Gadi is operated by National Computational Infrastructure Australia and has previously been used for climate modelling and natural disaster prediction.

Gadi – which means ‘to search for’ in the language of the Ngunnawal people – contains more than 250,000 central processing unit cores, 930 Terabytes of memory and 640 Nvidia graphics processing units.

The supercomputer has peak operational capacity exceeding 10 petaflops, or 10 quadrillion floating-point operations per second, that the company says will provide significant computational leverage to facilitate the AI interrogation of the scientific and medical information within the AlgoraeOS database once completed.

The build-out advances

Data acquisition and customisation is currently underway across the company’s four pillars of information: drug data, cellular data, chemistry and biological data.

The data will cover scientific and medical fields including drug chemical structure, drug target interactions, gene expression and drug perturbation.

Algorae stated today that data modules will be added to its database progressively and the AI platform will be refined in future versions over a period of at least three years to improve its predictive capabilities.
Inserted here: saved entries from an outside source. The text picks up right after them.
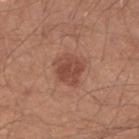Imaged during a routine full-body skin examination; the lesion was not biopsied and no histopathology is available.
On the left forearm.
Cropped from a total-body skin-imaging series; the visible field is about 15 mm.
A male subject, aged 28 to 32.
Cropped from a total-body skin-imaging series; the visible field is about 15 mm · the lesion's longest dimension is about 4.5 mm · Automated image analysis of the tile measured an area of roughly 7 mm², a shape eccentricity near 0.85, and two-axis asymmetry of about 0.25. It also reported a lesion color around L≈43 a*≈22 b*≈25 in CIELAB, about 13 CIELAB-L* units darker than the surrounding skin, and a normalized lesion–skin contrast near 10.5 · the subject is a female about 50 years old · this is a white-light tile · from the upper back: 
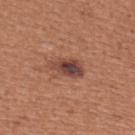The biopsy diagnosis was a dysplastic (Clark) nevus, classified as a benign skin lesion.

Apart from project leader and AI expert associate professor Fatemeh Vafaee, the company has previously appointed three full-time development staff to the AIgoraeOS research team.

Algorae intends to add a fourth full-time member to the AI team and is currently interviewing candidates with sophisticated pharmacology experience.

Funding for the team is partly provided by a 3-year Commonwealth Scientific and Industrial Research Organisation grant that Algorae was successfully able to procure in October 2023.